The FIA and the Formula One Teams’ Association held last-minute talks on Thursday in a bid to strike a peace deal over the future of the sport ahead the publication of the 2010 entry list tomorrow.
Following a meeting of the eight remaining FOTA teams on Wednesday, Reuters reports that the teams’ body met with FIA president Max Mosley in London to try to end the long-running dispute which has threatened to split the sport in two.
The FIA is due to reveal on Friday which teams will comprise an expanded 26-car grid next year, yet FOTA has only submitted a conditional block entry for all its eight members.
The FOTA teams are adamant that they are only willing to compete next season if the contentious £40m budget cap, and two-tier championship the rules as published would create, is scrapped and the 2009 regulations continue to stand instead.
They have also insisted that a new Concorde Agreement be signed by Friday, while promising in return that should their conditions be met they will commit to the sport until 2012.

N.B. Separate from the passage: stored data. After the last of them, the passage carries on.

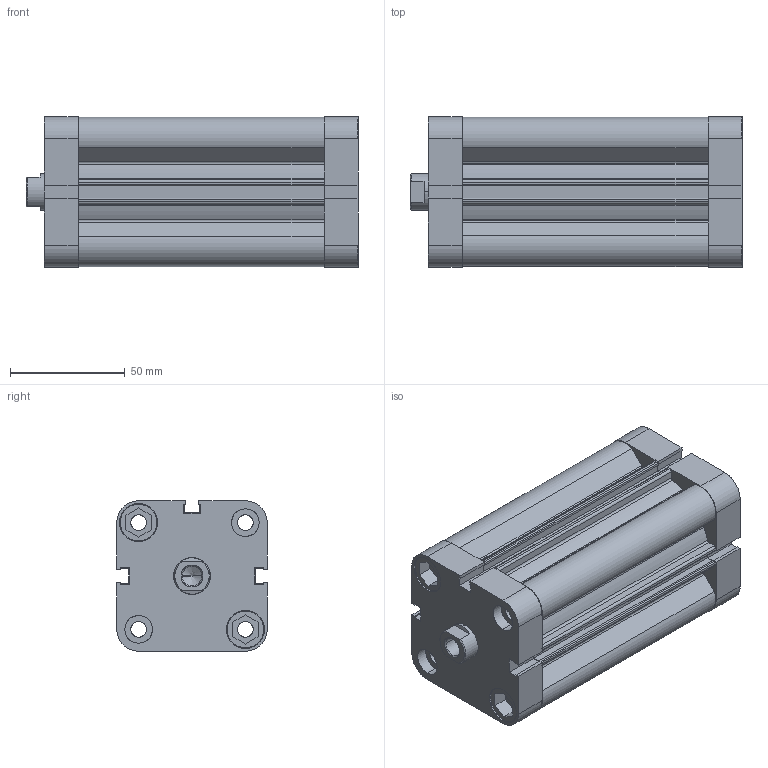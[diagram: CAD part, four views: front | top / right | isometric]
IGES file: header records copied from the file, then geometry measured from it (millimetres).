
Start section: SolidWorks IGES file using analytic representation for surfaces
Global section: file name: KC-50-90-CYLINDER.IGS; native system: SolidWorks 2010; preprocessor: SolidWorks 2010; author: Yeni; date: 130724.141059; units: millimetre
Bounding box: 144.5 x 65.5 x 65.5 mm (x, y, z)
Surface area: 114597.9 mm2 (no closed solid volume)
Topology: 0 solids, 0 shells, 302 faces, 4428 edges, 4426 vertices
Faces by surface type: bspline 166, revolution 136
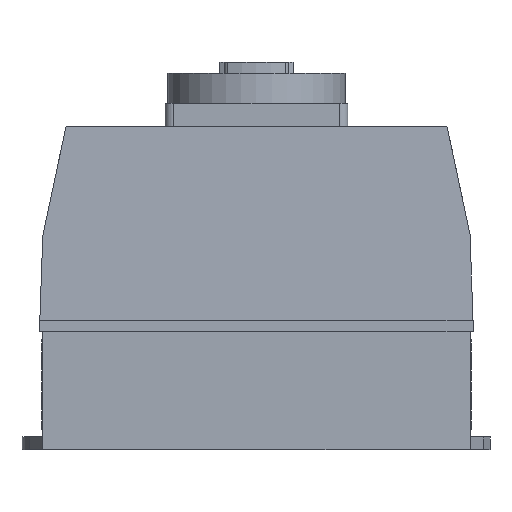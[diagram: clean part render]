
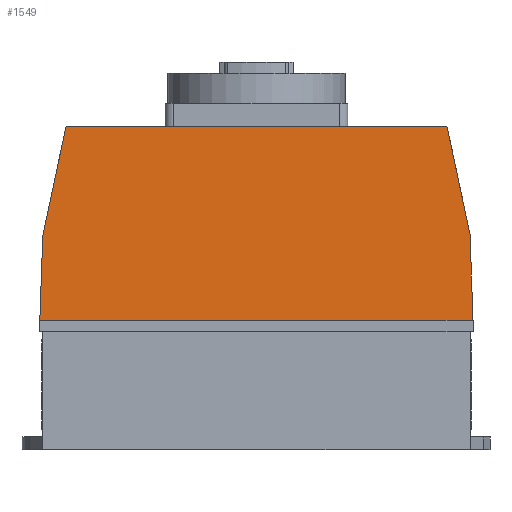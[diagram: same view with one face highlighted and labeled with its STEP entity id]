
A CAD part, left-side view. The second image highlights one B-rep face of the part: STEP entity #1549.
In plain terms, the highlighted planar face has unit normal (-0.999, 0, 0.035).
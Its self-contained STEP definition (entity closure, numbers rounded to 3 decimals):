
#104=LINE($,#2366,#284);
#107=LINE($,#2371,#287);
#111=LINE($,#2380,#291);
#112=LINE($,#2382,#292);
#113=LINE($,#2383,#293);
#114=LINE($,#2384,#294);
#284=VECTOR($,#1868,39.383);
#287=VECTOR($,#1873,135.414);
#291=VECTOR($,#1879,30.037);
#292=VECTOR($,#1880,154.);
#293=VECTOR($,#1881,30.537);
#294=VECTOR($,#1882,39.895);
#461=PLANE($,#1657);
#536=FACE_OUTER_BOUND($,#623,.T.);
#623=EDGE_LOOP($,(#1163,#1164,#1165,#1166,#1167,#1168));
#798=VERTEX_POINT($,#2363);
#799=VERTEX_POINT($,#2365);
#800=VERTEX_POINT($,#2369);
#803=VERTEX_POINT($,#2378);
#804=VERTEX_POINT($,#2379);
#805=VERTEX_POINT($,#2381);
#939=EDGE_CURVE($,#798,#799,#104,.T.);
#942=EDGE_CURVE($,#800,#798,#107,.T.);
#946=EDGE_CURVE($,#803,#804,#111,.T.);
#947=EDGE_CURVE($,#805,#803,#112,.T.);
#948=EDGE_CURVE($,#799,#805,#113,.T.);
#949=EDGE_CURVE($,#804,#800,#114,.T.);
#1163=ORIENTED_EDGE($,*,*,#946,.F.);
#1164=ORIENTED_EDGE($,*,*,#947,.F.);
#1165=ORIENTED_EDGE($,*,*,#948,.F.);
#1166=ORIENTED_EDGE($,*,*,#939,.F.);
#1167=ORIENTED_EDGE($,*,*,#942,.F.);
#1168=ORIENTED_EDGE($,*,*,#949,.F.);
#1549=ADVANCED_FACE($,(#536),#461,.F.);
#1657=AXIS2_PLACEMENT_3D($,#2377,#1877,#1878);
#1868=DIRECTION($,(-0.034,-0.208,-0.978));
#1873=DIRECTION($,(0.,-1.,0.));
#1877=DIRECTION('center_axis',(0.999,0.,-0.035));
#1878=DIRECTION('ref_axis',(-0.035,0.,-0.999));
#1879=DIRECTION($,(0.035,-0.035,0.999));
#1880=DIRECTION($,(0.,1.,0.));
#1881=DIRECTION($,(-0.035,-0.035,-0.999));
#1882=DIRECTION($,(0.034,-0.208,0.978));
#2363=CARTESIAN_POINT('',(1.41,-67.751,115.));
#2365=CARTESIAN_POINT('',(0.065,-75.935,76.5));
#2366=CARTESIAN_POINT($,(0.061,-75.962,76.374));
#2369=CARTESIAN_POINT('',(1.41,67.663,115.));
#2371=CARTESIAN_POINT($,(1.41,-72.376,115.));
#2377=CARTESIAN_POINT('Origin',(0.065,-77.,76.5));
#2378=CARTESIAN_POINT('',(-1.,77.,46.));
#2379=CARTESIAN_POINT('',(0.048,75.952,76.));
#2380=CARTESIAN_POINT($,(0.149,75.851,78.896));
#2381=CARTESIAN_POINT('',(-1.,-77.,46.));
#2382=CARTESIAN_POINT($,(-1.,-77.,46.));
#2383=CARTESIAN_POINT($,(-0.468,-76.468,61.231));
#2384=CARTESIAN_POINT($,(1.278,68.463,111.234));

Williams and Force India have already lodged unconditional entries – both independent outfits citing existing contractual obligations as the reason why they broke ranks with FOTA – while at least 10 embryonic teams have made bids to claim the minimum of three new places available.
With both FOTA and FIA president Max Mosley having adopted hard-line stances over their respective visions for how cost-cutting should be achieved, it has raised the spectre that the 2010 entry list won’t include any of the major manufacturer teams and could potentially trigger a breakaway series.
However, while Mosley has previously indicated he is not willing to budge from his £40m budget cap figure, it appears that the FIA president is now prepared to soften his stance in a bid to avert a manufacturer exodus.
Following the series of crisis talks involving FOTA and the governing body over the Monaco Grand Prix weekend last month, it has emerged that Mosley wrote to FOTA chairman Luca di Montezemolo offering a series of compromises to the dissenting squads.
Reuters reports that the FIA president said he would consider raising the budget cap limit as high as €100m for 2010, before dropping to his originally intended figure of €45m a year later.
Mosley also said he would scrap the particularly unpopular two-tier nature of the budget cap, which had offered teams that run under it extra technical freedoms.
"We can agree that all teams race under the same 2010 rules," the news agency quotes Mosley’s letter as saying.
“These would be as published, but with the technical and sporting advantages originally offered to cost-cap teams deleted.”
In addition, the existing teams would have to help new squads get up to speed with F1 through a transfer of know-how and expertise in 2010 and potentially 2011, while one employee’s wages, such as those of a 'star' designer, could remain outside the capped costs along with drivers' salaries.